Editorial
U-turns of Reds
Tuesday 6th February, 2024
A JVP delegation, led by party leader Anura Kumara Dissanayake, is currently visiting India at the invitation of New Delhi. This visit signifies an ideological about-turn on the part of the JVP, which went on a killing spree in protest against India’s interference in Sri Lanka’s domestic affairs, in the late 1980s. Resistance to ‘Indian expansionism’ is a cornerstone of the JVP’s ideology.
There is no gainsaying that Sri Lanka has to maintain good relations with India. Sri Lankan governments and political parties that seek to capture power ought to heed India’s national security concerns and act accordingly. So, the JVP’s visit to India is welcome. But there are some questions the JVP should answer anent its volte-face.
One of the five classes or lectures the JVP conducted for new recruits was on ‘Indian expansionism’. Has the JVP abandoned its ideological position on India for political expediency?

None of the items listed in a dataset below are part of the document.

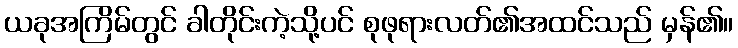
ယခုအကြိမ်တွင် ခါတိုင်းကဲ့သို့ပင် စုဖုရားလတ်၏အထင်သည် မှန်၏။
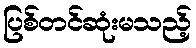
ပြစ်တင်ဆုံးမသည့်
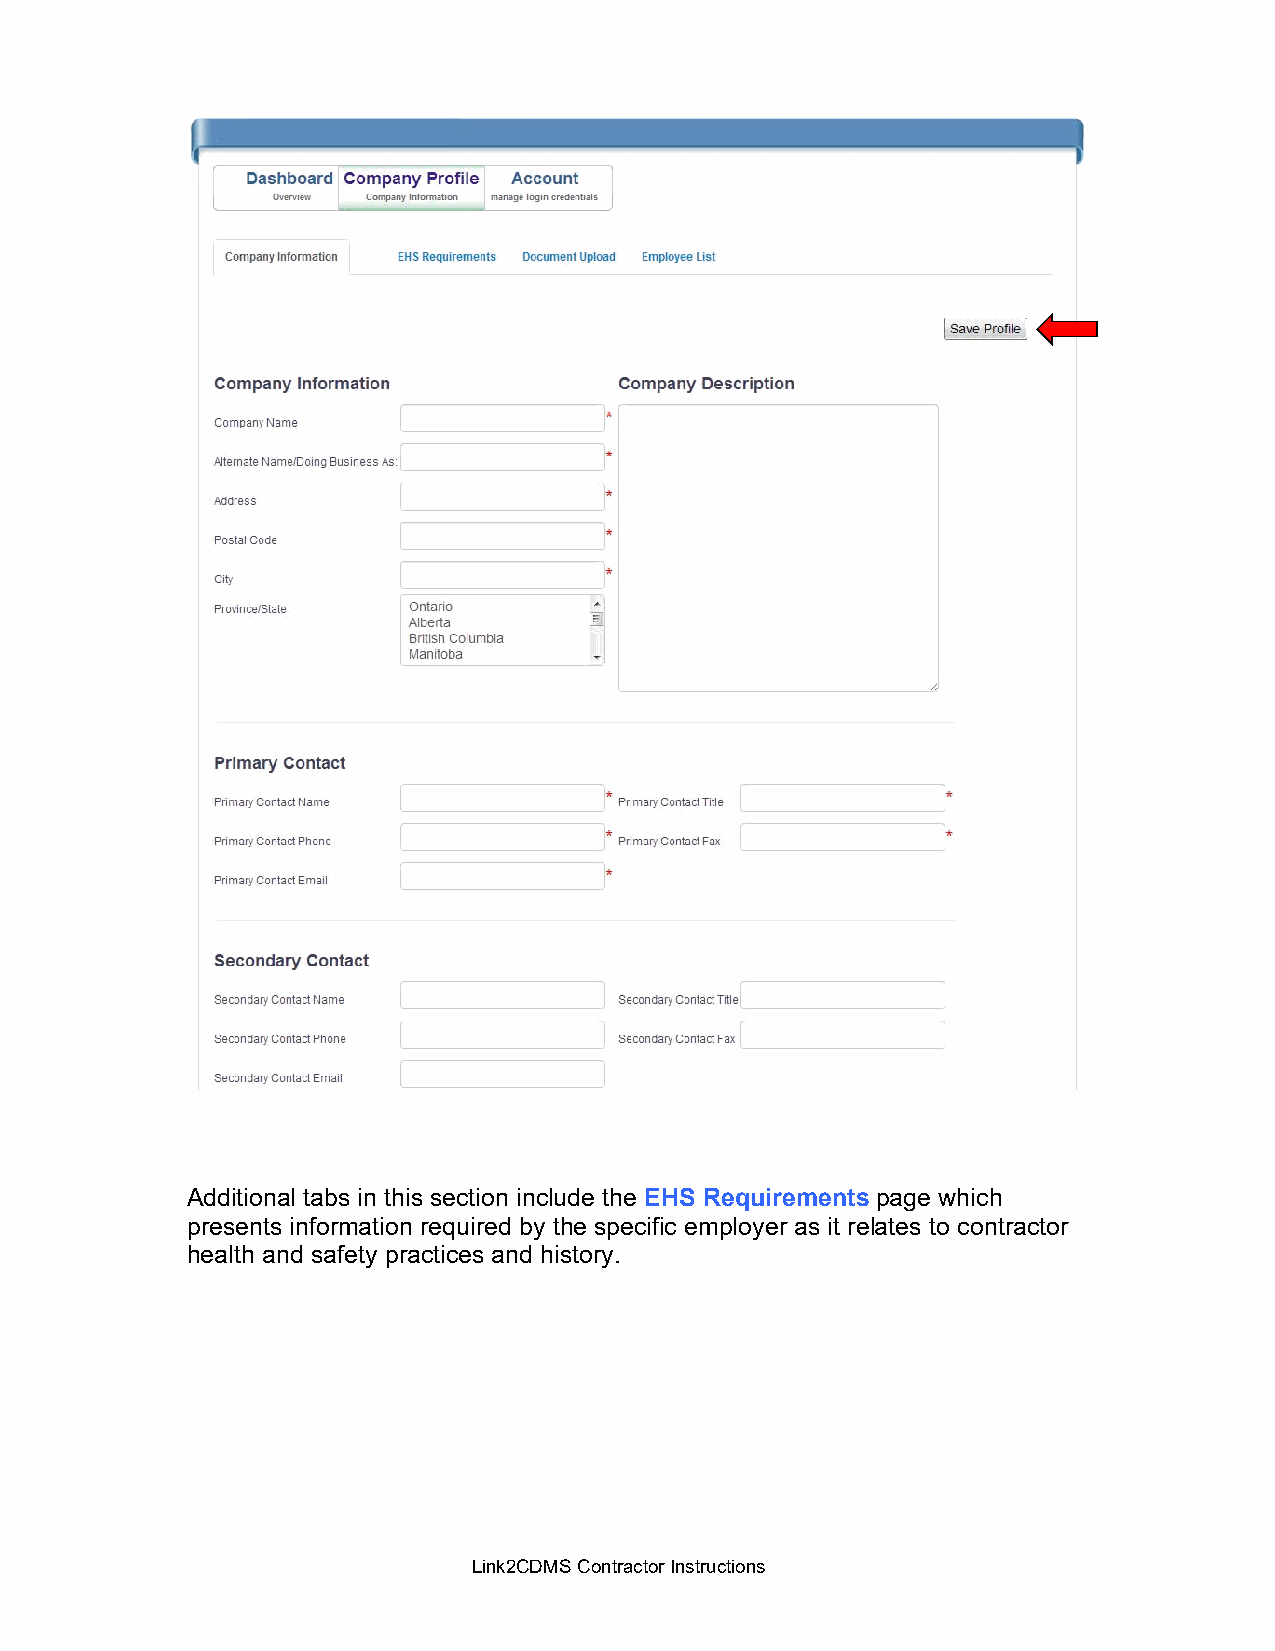
Additional tabs in this section include the EHS Requirements page which
 presents information required by the specific employer as it relates to contractor
 health and safety practices and history.
 Link2CDMS Contractor Instructions
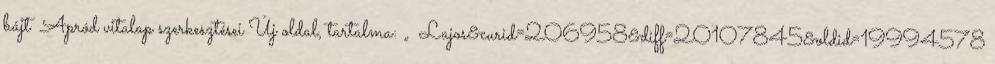
bájt ‎Apród vitalap szerkesztései Új oldal, tartalma: „ Lajos&curid=206958&diff=20107845&oldid=19994578
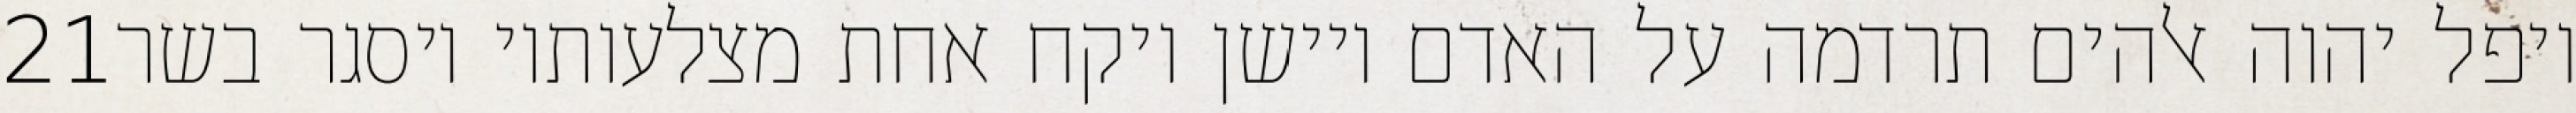
‎21‏ ויפל יהוה אלהים תרדמה על האדם ויישן ויקח אחת מצלעותיו ויסגר בשר

In the late 1980s, the JVP plunged this country into a bloodbath, claiming that Indian expansionism had to be stopped at any cost, and its sparrow units brutally murdered political activists who supported the 13th Amendment and the Provincial Council (PC) system, trade unionists who refused to fall in line, and even ordinary people who exercised their franchise in defiance of its order that elections, especially the first PC polls (1988) be boycotted. Later, it had no qualms about having representation in the PCs. Will the JVP explain what led to its about-face?

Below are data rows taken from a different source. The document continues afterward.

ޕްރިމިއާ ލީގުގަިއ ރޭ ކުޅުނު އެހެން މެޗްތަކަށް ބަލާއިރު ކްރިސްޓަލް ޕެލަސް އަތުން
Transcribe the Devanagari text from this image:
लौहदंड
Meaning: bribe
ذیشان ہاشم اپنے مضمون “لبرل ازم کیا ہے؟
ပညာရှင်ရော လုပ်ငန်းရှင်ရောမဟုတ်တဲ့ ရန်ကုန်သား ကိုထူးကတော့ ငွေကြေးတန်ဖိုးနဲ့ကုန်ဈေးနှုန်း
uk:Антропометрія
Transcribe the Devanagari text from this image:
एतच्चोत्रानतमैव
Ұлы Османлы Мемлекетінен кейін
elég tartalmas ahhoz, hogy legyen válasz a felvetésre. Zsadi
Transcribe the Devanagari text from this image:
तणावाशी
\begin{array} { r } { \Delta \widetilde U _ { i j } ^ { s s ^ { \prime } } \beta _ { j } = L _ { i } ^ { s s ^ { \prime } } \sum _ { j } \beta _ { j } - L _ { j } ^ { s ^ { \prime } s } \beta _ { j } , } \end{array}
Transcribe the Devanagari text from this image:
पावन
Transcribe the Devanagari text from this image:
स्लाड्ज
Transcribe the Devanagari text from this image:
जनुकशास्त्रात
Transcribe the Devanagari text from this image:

The JVP opposed the open economy and made it out to be an evil that the country had to be saved from. But today it has come to terms with the very economic policies it rejected! Above all, it has softened its stand on the International Monetary Fund, which it used to demonise. It perpetrated heinous crimes as part of its campaign against the executive presidency. But it has chosen to remain silent on that undertaking.

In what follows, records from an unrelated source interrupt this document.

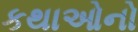
કથાઓનો
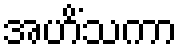
အဟိံသကာ
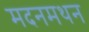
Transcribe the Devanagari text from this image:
मदनमथन
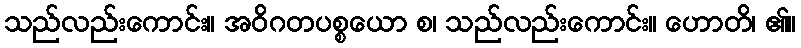
သည်လည်းကောင်း။ အဝိဂတပစ္စယော စ၊ သည်လည်းကောင်း။ ဟောတိ၊ ၏။
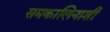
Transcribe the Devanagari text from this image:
समकालिनाशी
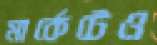
মার্কেটেও
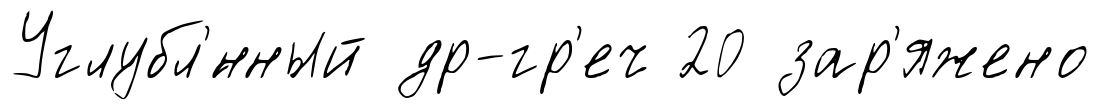
Углубл'́нный др-гр'еч 20 зар'яжено
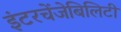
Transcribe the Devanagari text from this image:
इंटरचेंजेबिलिटी
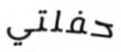
حفلتي
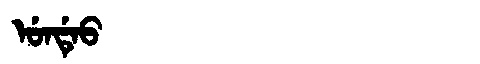
Manchu: ᡠᠨᡩᡝᠣ
Romanization: UNDEO
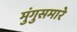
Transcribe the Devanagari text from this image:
मुंगुसमारे
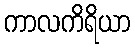
ကာလကိရိယာ
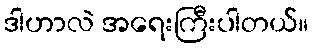
ဒါဟာလဲ အရေးကြီးပါတယ်။
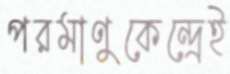
পরমাণুকেন্দ্রেই
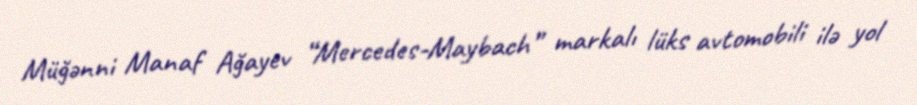
Müğənni Manaf Ağayev “Mercedes-Maybach” markalı lüks avtomobili ilə yol
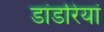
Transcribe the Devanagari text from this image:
डांडरियां
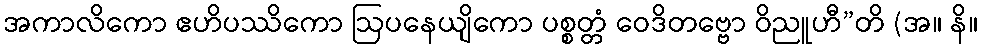
အကာလိကော ဧဟိပဿိကော ဩပနေယျိကော ပစ္စတ္တံ ဝေဒိတဗ္ဗော ဝိညူဟီ”တိ (အ။ နိ။
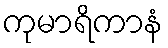
ကုမာရိကာနံ
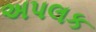
અપલક
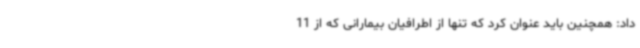
داد: همچنین باید عنوان کرد که تنها از اطرافیان بیمارانی که از 11
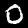
Digit: 0
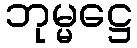
ဘုမ္မဋ္ဌေ
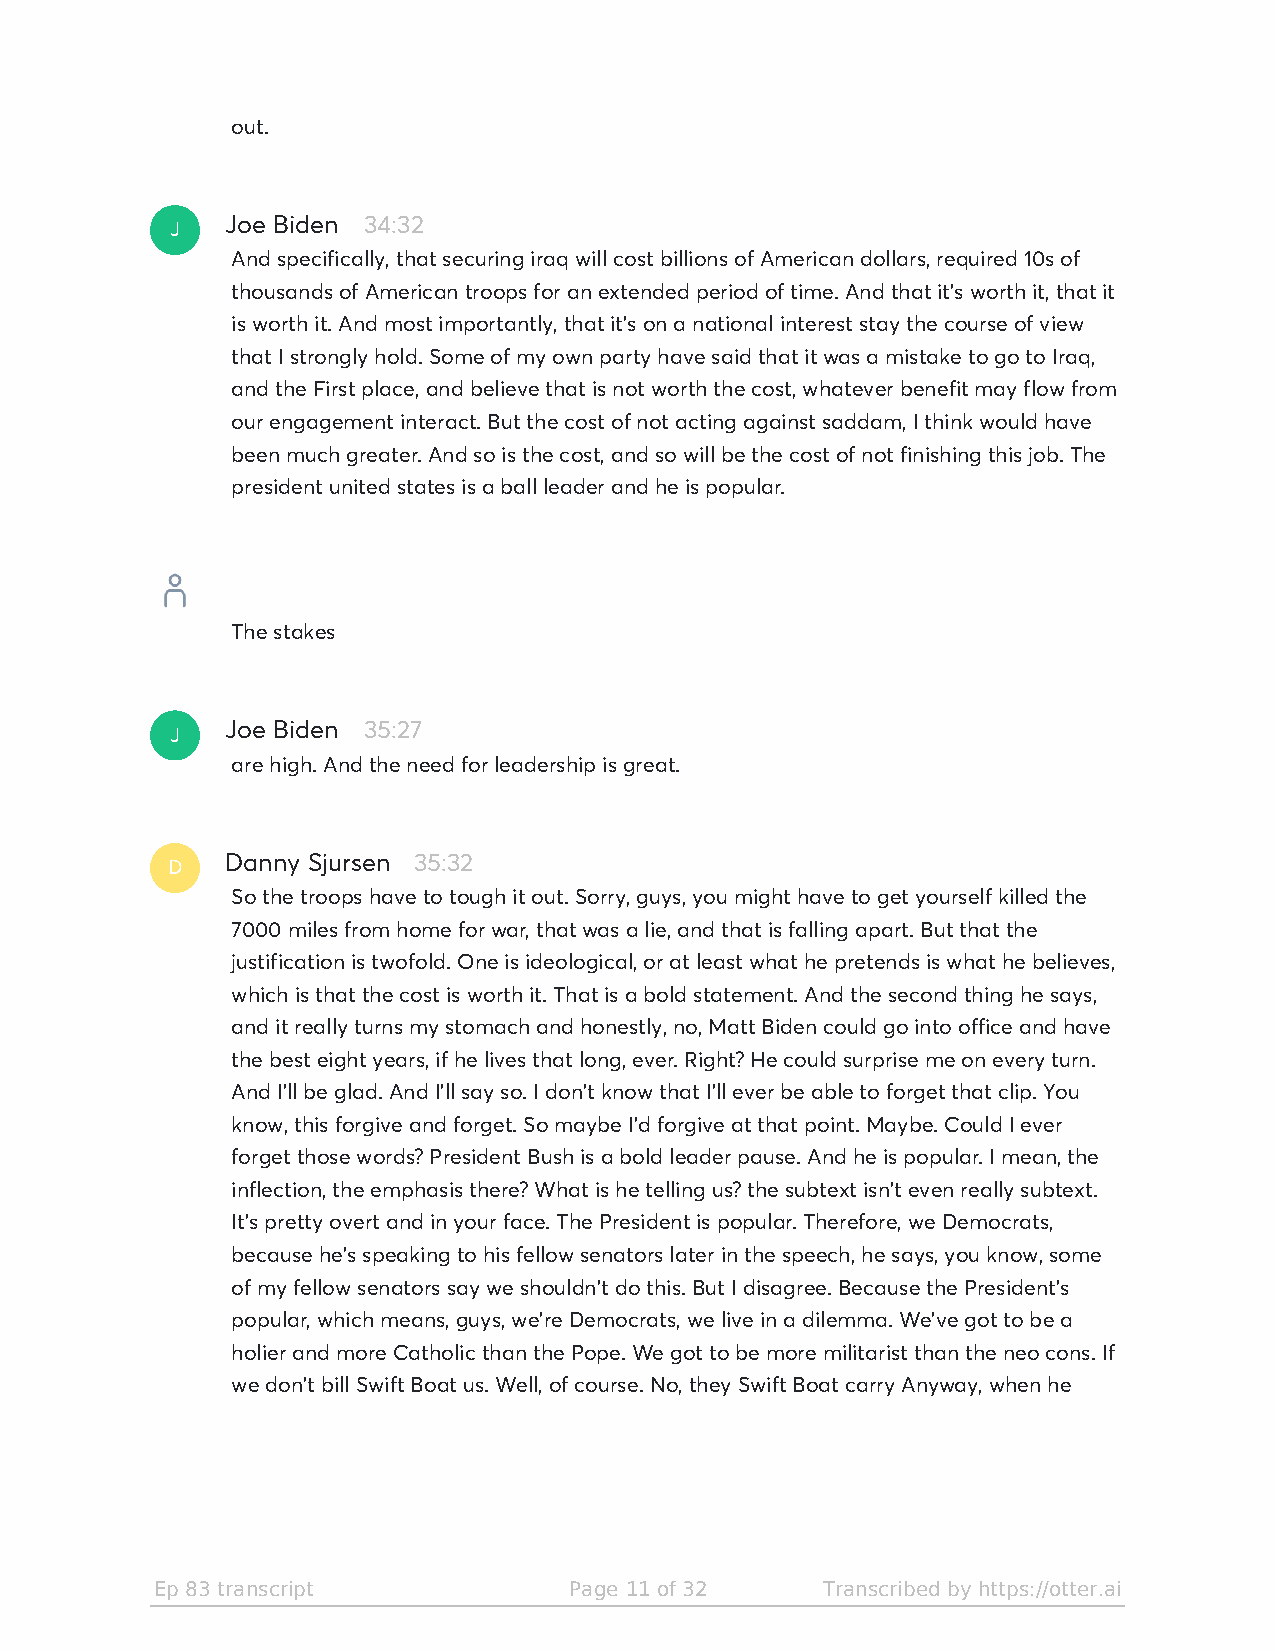
out.
 J
 Joe Biden 34:32
 And specifically, that securing iraq will cost billions of American dollars, required 10s of
 thousands of American troops for an extended period of time. And that it's worth it, that it
 is worth it. And most importantly, that it's on a national interest stay the course of view
 that I strongly hold. Some of my own party have said that it was a mistake to go to Iraq,
 and the First place, and believe that is not worth the cost, whatever benefit may flow from
 our engagement interact. But the cost of not acting against saddam, I think would have
 been much greater. And so is the cost, and so will be the cost of not finishing this job. The
 president united states is a ball leader and he is popular.
 The stakes
 J
 Joe Biden 35:27
 are high. And the need for leadership is great.
 D
 Danny Sjursen 35:32
 So the troops have to tough it out. Sorry, guys, you might have to get yourself killed the
 7000 miles from home for war, that was a lie, and that is falling apart. But that the
 justification is twofold. One is ideological, or at least what he pretends is what he believes,
 which is that the cost is worth it. That is a bold statement. And the second thing he says,
 and it really turns my stomach and honestly, no, Matt Biden could go into office and have
 the best eight years, if he lives that long, ever. Right? He could surprise me on every turn.
 And I'll be glad. And I'll say so. I don't know that I'll ever be able to forget that clip. You
 know, this forgive and forget. So maybe I'd forgive at that point. Maybe. Could I ever
 forget those words? President Bush is a bold leader pause. And he is popular. I mean, the
 inflection, the emphasis there? What is he telling us? the subtext isn't even really subtext.
 It's pretty overt and in your face. The President is popular. Therefore, we Democrats,
 because he's speaking to his fellow senators later in the speech, he says, you know, some
 of my fellow senators say we shouldn't do this. But I disagree. Because the President's
 popular, which means, guys, we're Democrats, we live in a dilemma. We've got to be a
 holier and more Catholic than the Pope. We got to be more militarist than the neo cons. If
 we don't bill Swift Boat us. Well, of course. No, they Swift Boat carry Anyway, when he
 Ep 83 transcript            Page 11 of 32   Transcribed by https://otter.ai

Most political parties in Sri Lanka are notorious for signalling left and turning right, so to speak. The JVP has failed to be different. At the 1970 general election, it backed the SLFP-led United Front (UF), but took up arms against the UF government the following year. In the late 1970s, it was on good terms with the Jayewardene regime, which released its leaders from prison so much so that the JVP came to be dubbed the ‘Jayewardena-Vijeweera Peramuna’. Thereafter, it turned against the UNP government and staged its second uprising only to meet its Waterloo during Ranasinghe Premadasa’s presidency. It opted for a political marriage of convenience with the SLFP-led People’s Alliance (PA) under Chandrika Bandaranaike’s leadership, and even offered to prop up the crumbling PA regime in early noughties. That government collapsed, and the UNP recaptured power in Parliament. In 2004, the JVP joined the SLFP-led United People’s Freedom Front (UPFA). It went all out to prevent Mahinda Rajapaksa from becoming Prime Minister, but in vain. It pulled out of the UPFA, accusing President Kumaratunga of trying to share tsunami relief with the LTTE. The following year, it led its bete noire, Mahinda’s presidential election campaign from the front! Subsequently, it turned against the Mahinda Rajapaksa government, and joined the UNP and others in trying to defeat that administration’s budget during the war in 2007, only to suffer a split in its parliamentary group. It closed ranks with the UNP-led Opposition to defeat President Rajapaksa in the 2015 presidential race, ensured Maithripala Sirisena’s victory, and had representation in the executive council formed by the UNP-led Yahapalana government. Today, it has taken on Wickremesinghe’s UNP, Sirisena’s SLFP and the Rajapaksas’ SLPP!
Thus, it may be seen that the JVP’s history has been replete with numerous U-turns which smack of Machiavellianism. Machiavelli has advised rulers never to hesitate to navigate the complexities of politics at the expense of traditional moral, ethical norms and principles.
Doesn’t the JVP think that it owes the public an apology for its numerous ideological U-turns and terror, which provided the Jayewardene and Premadasa regimes with a casus belli, as it were, to set in motion the UNP’s ‘Caravan of Death’, which left thousands of youth including JVP activists dead?
One main reason why the JVP has failed to muster enough popular support to capture state power under its own steam is that it is widely seen as an outfit of dyed-in-the-wool Marxists espousing the Cold War era revolutionary shibboleth. Is the JVP facing an identity crisis arising from a conflict between its revolutionary core and seemingly flexible and pragmatic periphery? Or, has the JVP’s core ideology remained intact, and its about-turns are for the consumption of the public and aimed at garnering votes to win elections?